One lesson from the struggle concerning the medical use of marijuana is that special FDA procedures such as the "compassionate use" program can be capriciously shut down by political pressure from outside the FDA. It is much harder to imagine the administration shutting down the conventional drug development process just to block the approval of smoked marijuana, ibogaine, MDMA, or any other Schedule 1 drug. Another lesson is that the FDA is more willing than other government agencies to permit the medical use of Schedule 1 drugs.

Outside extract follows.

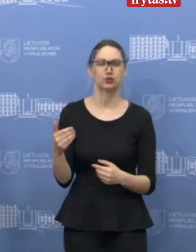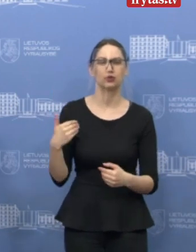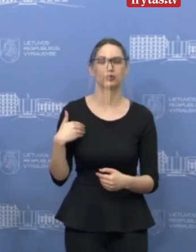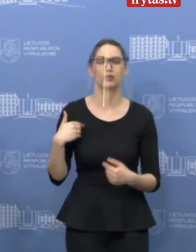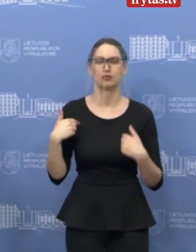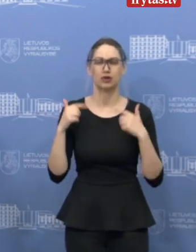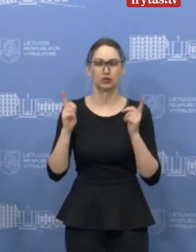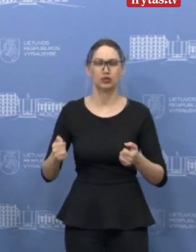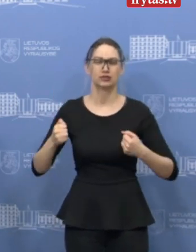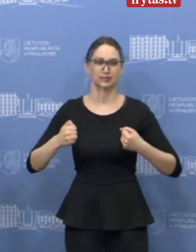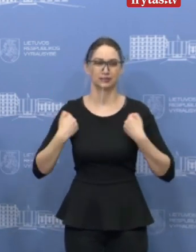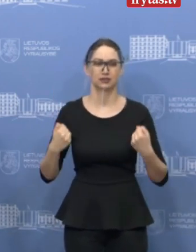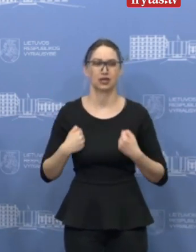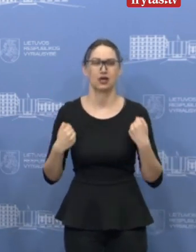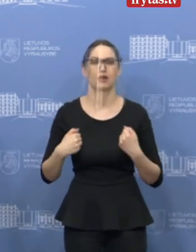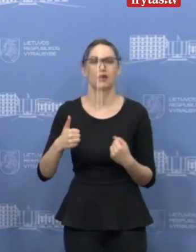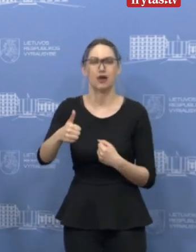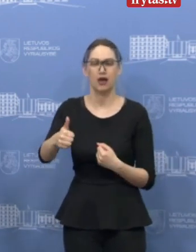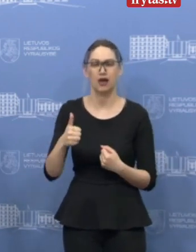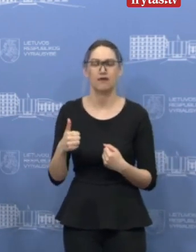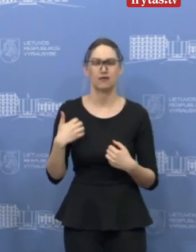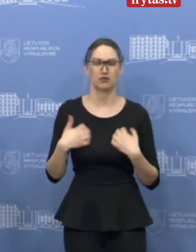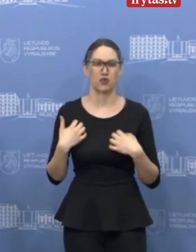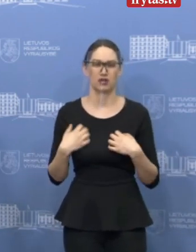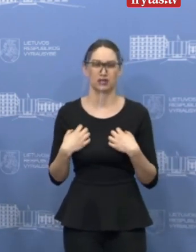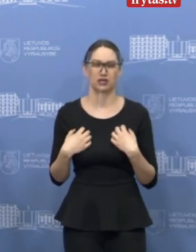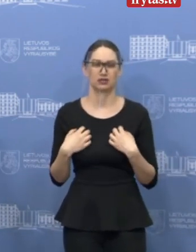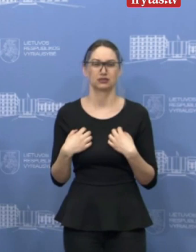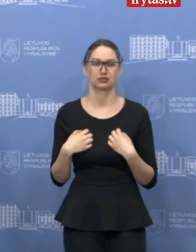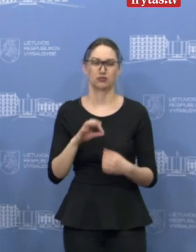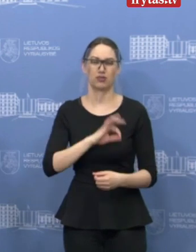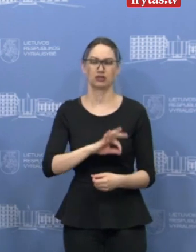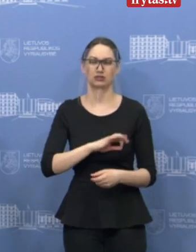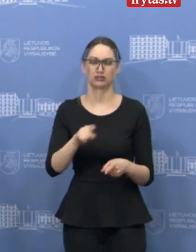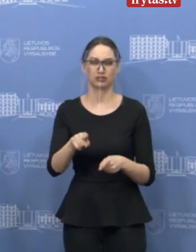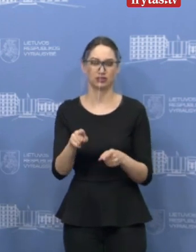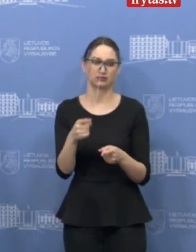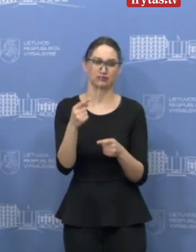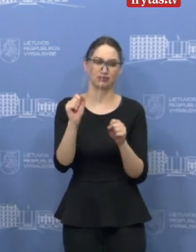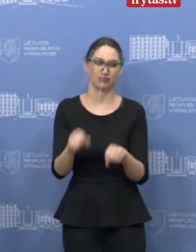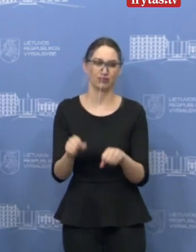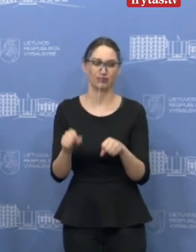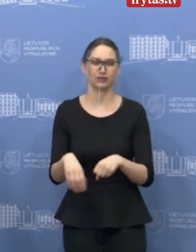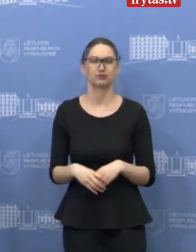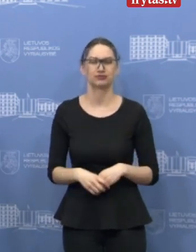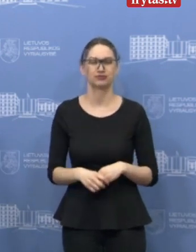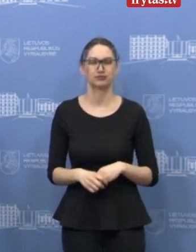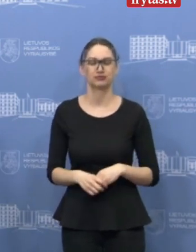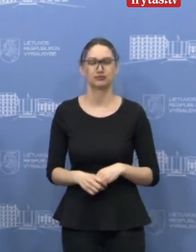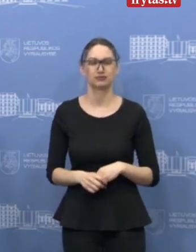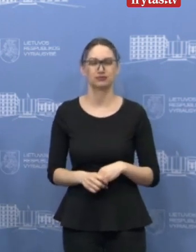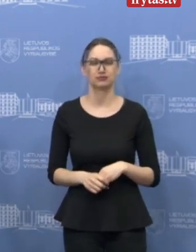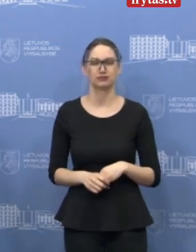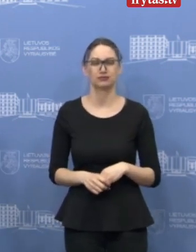visas pastangas, kad tai būtų galima maksimaliai greitai šiomis priemonimis naudotimis. Ir tos priemonės turbūt kurios

The strategy of following normal guidelines for pharmaceutical development and not seeking special accommodations is designed to minimize the political pressure that can be placed on the FDA by generating objective scientific data that must be reviewed on its merits. This is the strategy that MAPS has advocated in its struggle to open the door to medical research with MDMA. While predicting what the FDA will do is impossible, there is evidence that the strategy may work. First, the MDMA protocol has been endorsed by several of the main MDMA neurotoxicity researchers. Normally opponents of human studies, these scientists have been won over primarily because the risk of significant harmful consequences to the subjects is minimized by the choice of end-stage cancer patients. They have been persuaded that such risks are outweighed by the potential benefits to the patients and the gain in scientific knowledge. Second, the doses involved in the experiment (a maximum of four doses of up to 2.3 mg/kg of MDMA administered at least two weeks apart) are less than half the lowest level at which neurotoxicity has been found in the primate. Third, animal researchers have failed to find significant functional consequences of even massive MDMA-related neurotoxicity.